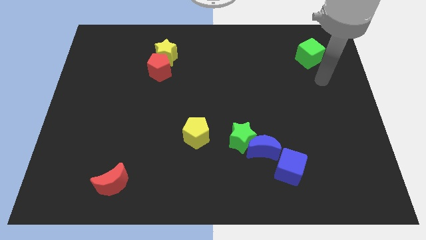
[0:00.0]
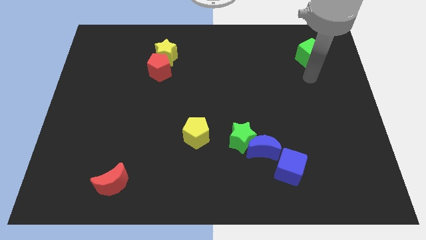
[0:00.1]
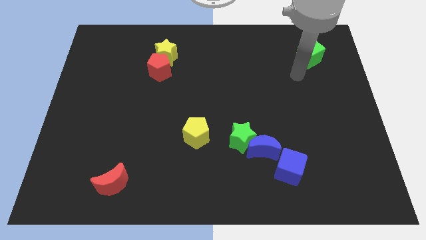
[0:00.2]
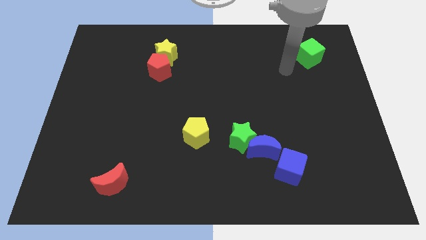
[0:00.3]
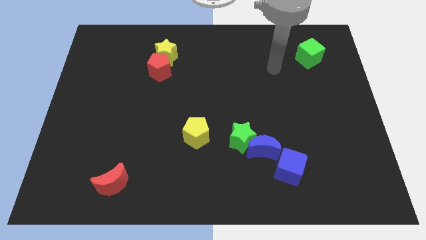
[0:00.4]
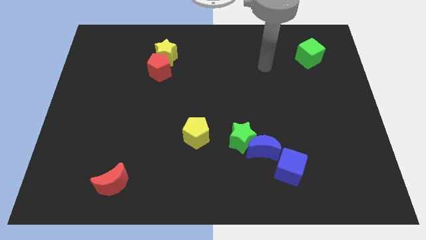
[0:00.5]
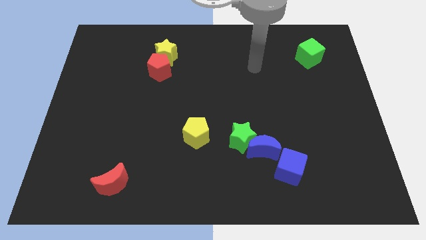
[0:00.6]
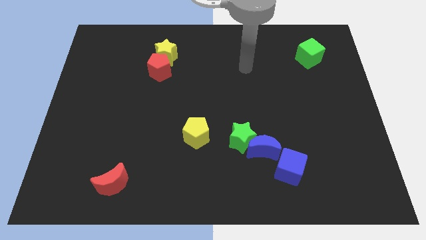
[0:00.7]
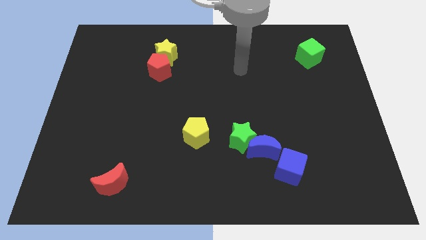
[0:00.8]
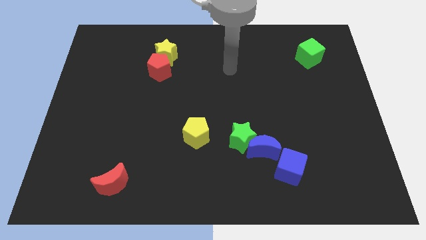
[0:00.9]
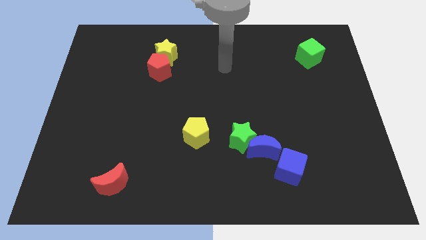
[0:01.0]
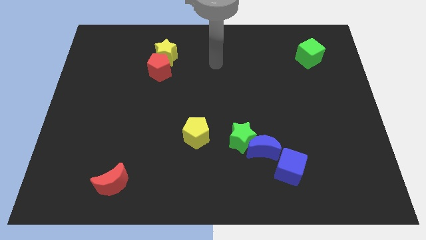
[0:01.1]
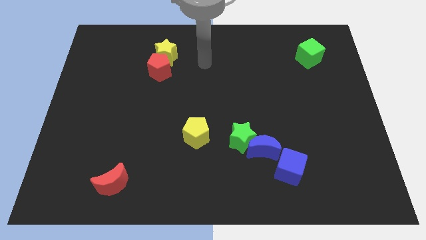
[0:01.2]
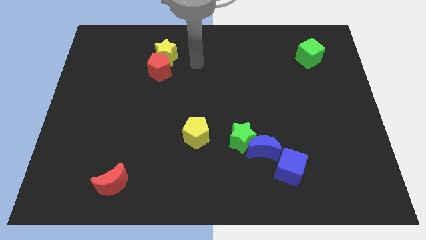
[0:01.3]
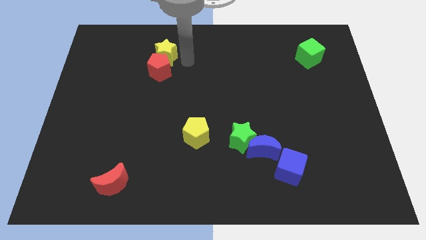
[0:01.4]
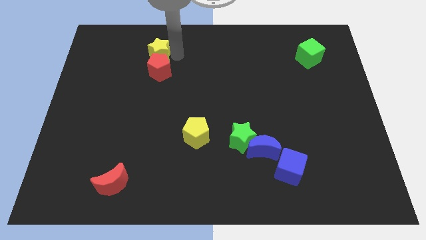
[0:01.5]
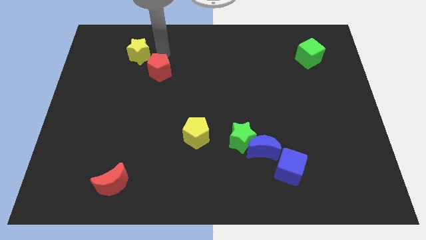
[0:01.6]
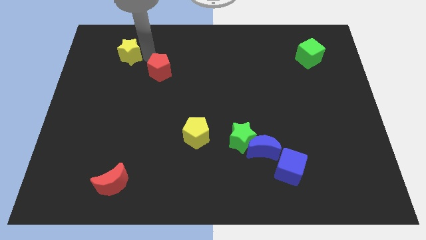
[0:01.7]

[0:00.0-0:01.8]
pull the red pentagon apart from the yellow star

+--

The whole listing above, word for word: repeat it with the pictures excluded.

[0:00.0]
[0:00.1]
[0:00.2]
[0:00.3]
[0:00.4]
[0:00.5]
[0:00.6]
[0:00.7]
[0:00.8]
[0:00.9]
[0:01.0]
[0:01.1]
[0:01.2]
[0:01.3]
[0:01.4]
[0:01.5]
[0:01.6]
[0:01.7]

[0:00.0-0:01.8]
pull the red pentagon apart from the yellow star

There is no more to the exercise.